Poor poor six hole rack. What a way to die...


----------



## Waterland (Feb 26, 2013)

I'm guessing these were the awards:

Worst In Show
Ugliest Bike
Best Hack Job
Most Non-Original Bike

I could go on for days...


----------



## THEGOLDENGREEK (Feb 26, 2013)

That bike is horrible what a joke. Even the Joker from batman wouldnt ride it, at least i got a good laugh form the pic!


----------



## Freqman1 (Feb 26, 2013)

You guys are mean for bashing a guy that has obviously spent a lifetime cultivating poor taste. Just because this is about the ugliest POS I've ever seen is no reason to hurl insults like I just did my dinner when seeing this abomination. Now lets play nice in case he happens to see this! V/r Shawn


----------



## dxmadman (Feb 26, 2013)

*Give em Credit*

It could have been worse, no streamers, or pin wheel blowing in the wind or mismatched colored tires with a fixed gear. No mention of powder coating, But I bet his clothes match to go riding. I'm pretty sure he has lots of friends for support. I'm sure his cars cool "wait I take that back". I'm also sure he worked hard on it, I give them that, just didn't think it through I guess.


----------



## Lynotch (Feb 26, 2013)

*Lol!*

Ok, I'm laughing my a#% off reading your guys posts but I guess me bing from LA I see this often enough to where to where its almost the norm... I have a yellow cruiser and some of the fine young "gents" in the intercity keep asking me why I don't intergrate some purple to my ride.  Lol. Glad I got rid of that black and silver cruiser I had..


----------



## SirMike1983 (Feb 27, 2013)

It probably was a parts project bike made up to be like that. I would not have done it that way, but if that's his project and how he wants to roll, so be it. It's good to see another person on a bike and not on their couch. I don't think turning the forum here into an online pillory is the high road. I could see unhappiness if he was one of those sellers asking massive amounts of money and skewing the marketplace because of Ebay, Pickers, or delusion. I think for pure taste matters that lampooning people's choice of colors or style is turning the site to a negative purpose, which is not the way to go.


----------



## HIGGINSFOREVER (Feb 27, 2013)

I think that was the day they had guest judges,Ray Charles and Stevie Wonder


----------



## HIGGINSFOREVER (Feb 27, 2013)

I have won awards with my schwinn so heres the deal send me your schwinn phantom and $5000.00 and i will make you a show winner


----------



## widpanic02 (Feb 27, 2013)

*Oh my god*

I wonder if the award show was south if the border ?


----------



## Ventuna (Feb 27, 2013)

*Phantom*

That bike MUST get chicks!


----------



## Freqman1 (Feb 27, 2013)

Ventuna said:


> That bike MUST get chicks!




Big, fat, hairy ones!
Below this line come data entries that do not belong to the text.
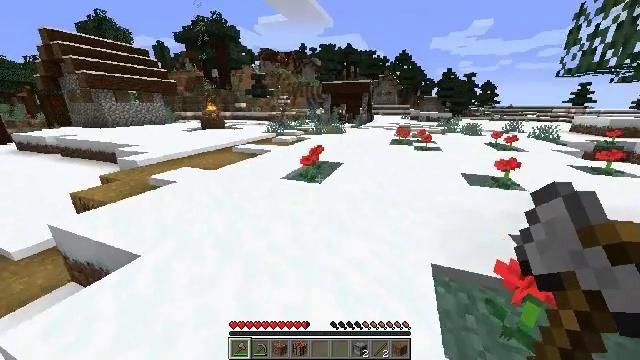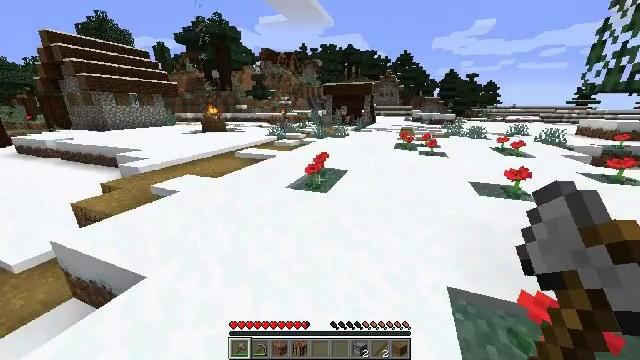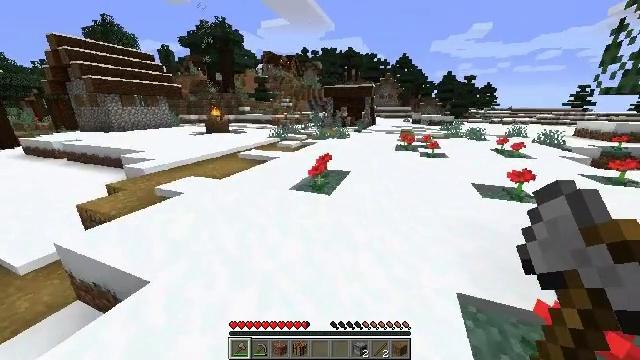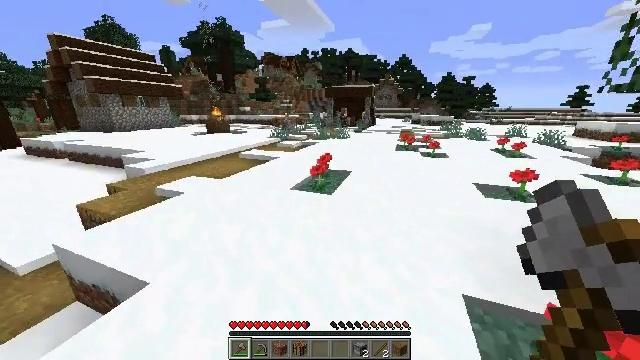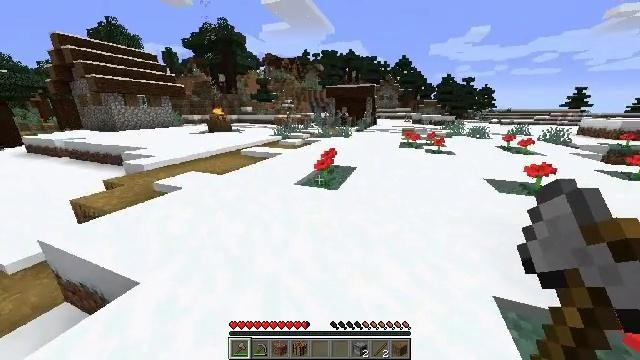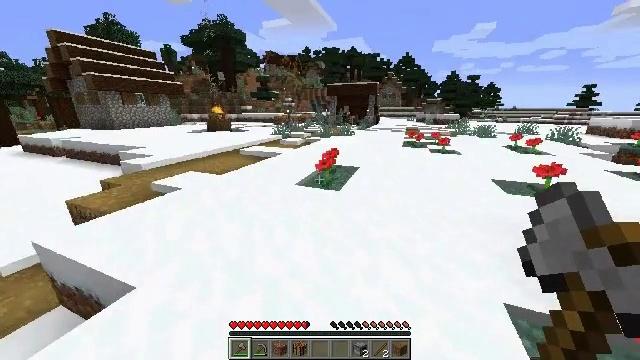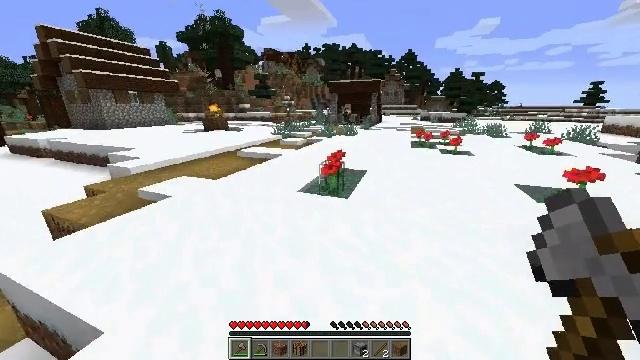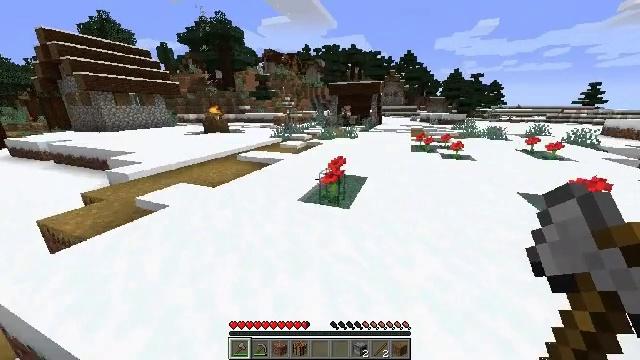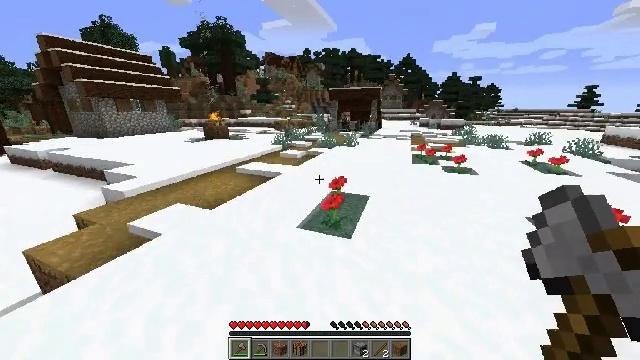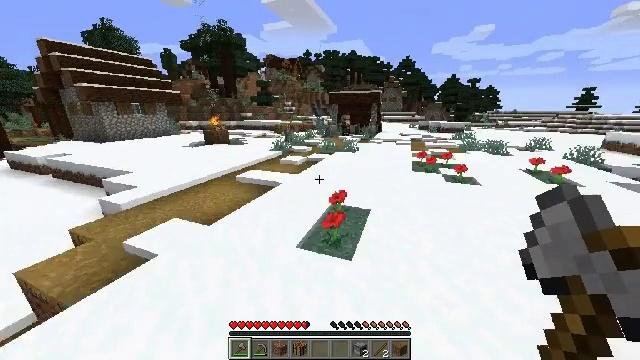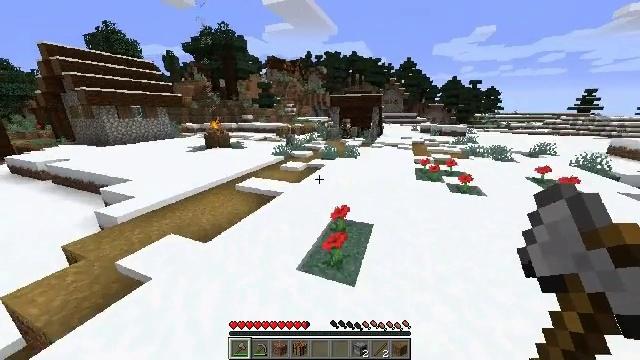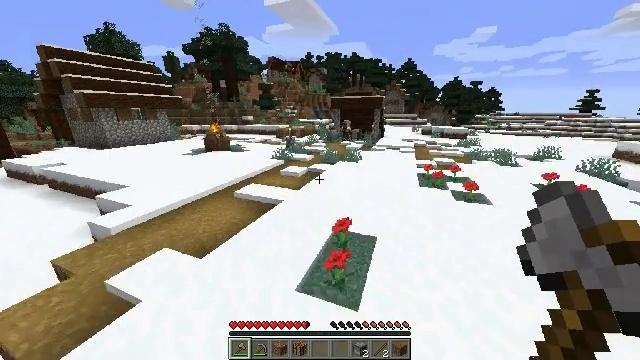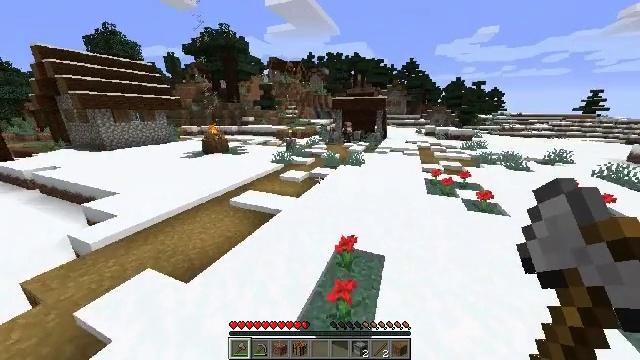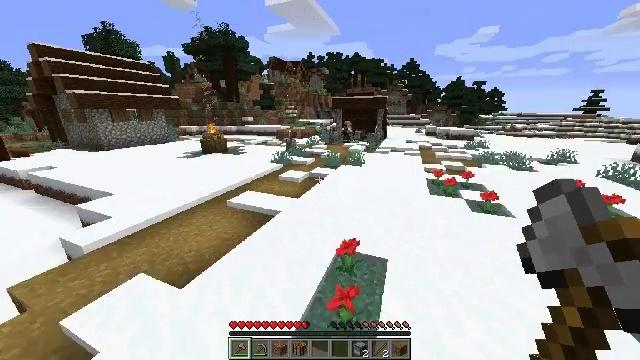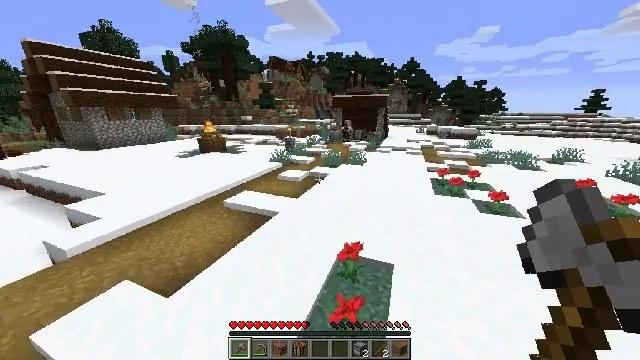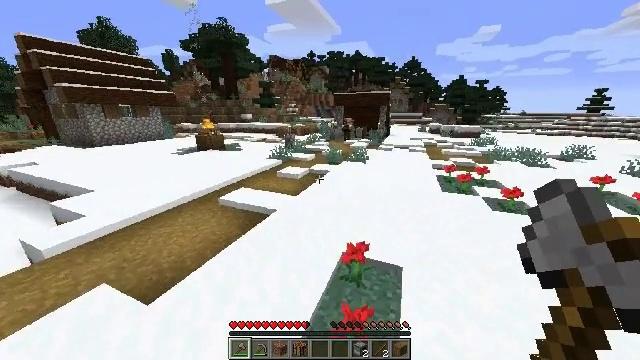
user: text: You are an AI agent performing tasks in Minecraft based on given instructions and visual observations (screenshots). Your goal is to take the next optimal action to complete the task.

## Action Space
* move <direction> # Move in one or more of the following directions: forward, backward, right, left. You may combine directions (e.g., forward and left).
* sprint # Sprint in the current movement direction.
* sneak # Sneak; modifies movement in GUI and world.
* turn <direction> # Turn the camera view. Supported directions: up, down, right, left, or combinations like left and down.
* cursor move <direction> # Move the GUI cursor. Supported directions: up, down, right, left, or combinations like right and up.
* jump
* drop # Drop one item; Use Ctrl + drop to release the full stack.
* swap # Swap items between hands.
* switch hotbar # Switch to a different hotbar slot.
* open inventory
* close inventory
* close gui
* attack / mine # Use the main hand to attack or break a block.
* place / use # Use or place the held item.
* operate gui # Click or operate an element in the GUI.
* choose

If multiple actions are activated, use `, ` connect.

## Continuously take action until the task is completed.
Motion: motion action
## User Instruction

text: Reclaim bookshelf materials.
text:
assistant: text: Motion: move forward, sprint, jump
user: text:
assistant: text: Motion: move forward, sprint, jump
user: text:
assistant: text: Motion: move forward, sprint, jump
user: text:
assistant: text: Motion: move forward, sprint, jump
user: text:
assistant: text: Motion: move forward, sprint, jump
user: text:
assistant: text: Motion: move forward, sprint, jump
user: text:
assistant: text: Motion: move forward, sprint, jump
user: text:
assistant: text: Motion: move forward, sprint, jump
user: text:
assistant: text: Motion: move forward, sprint, jump
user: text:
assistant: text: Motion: move forward, sprint, jump
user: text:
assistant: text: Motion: move forward, sprint, jump
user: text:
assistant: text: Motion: move forward, sprint, jump
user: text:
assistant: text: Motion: move forward, sprint, jump
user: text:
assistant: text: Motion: move forward, sprint, jump
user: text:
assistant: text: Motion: move forward, sprint, jump
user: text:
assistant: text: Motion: move forward, sprint, jump
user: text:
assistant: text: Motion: move forward, sprint, jump
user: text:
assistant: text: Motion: move forward, sprint, jump
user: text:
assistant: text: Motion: move forward, sprint, jump
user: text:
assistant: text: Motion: move forward, sprint, jump
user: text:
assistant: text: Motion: move forward, sprint, jump
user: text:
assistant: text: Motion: move forward, sprint, jump
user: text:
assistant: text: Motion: move forward, sprint, jump
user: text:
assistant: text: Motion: move forward, sprint, jump
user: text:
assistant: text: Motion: move forward, sprint, jump
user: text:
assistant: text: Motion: move forward, sprint, jump
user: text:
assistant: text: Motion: move forward, sprint, jump
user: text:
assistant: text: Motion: move forward, sprint, jump
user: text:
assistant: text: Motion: move forward, sprint, jump
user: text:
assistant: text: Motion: move forward, sprint, jump

V/r Shawn


----------



## 37fleetwood (Feb 27, 2013)

it won most easy to find in a bike show full of Phantoms!


----------



## old hotrod (Feb 27, 2013)

37fleetwood said:


> it won most easy to find in a bike show full of Phantoms!




Exatly, cuz THEY ALL LOOK THE SAME...but this one!...LOL


----------



## PCHiggin (Feb 28, 2013)

HIGGINSFOREVER said:


> I have won awards with my schwinn so heres the deal send me your schwinn phantom and $5000.00 and i will make you a show winnerView attachment 86223




Love those saddle bags,I still have a whole set of nos accessories for the Roadmaster Sportster.I gave the bike  to a friends Granddaughter years ago


----------



## Wayne Adam (Feb 28, 2013)

I was doing OK until I came across this picture, no I don't feel so good.


----------



## tanksalot (Feb 28, 2013)

It leaves me speechless.. That much I can say..


----------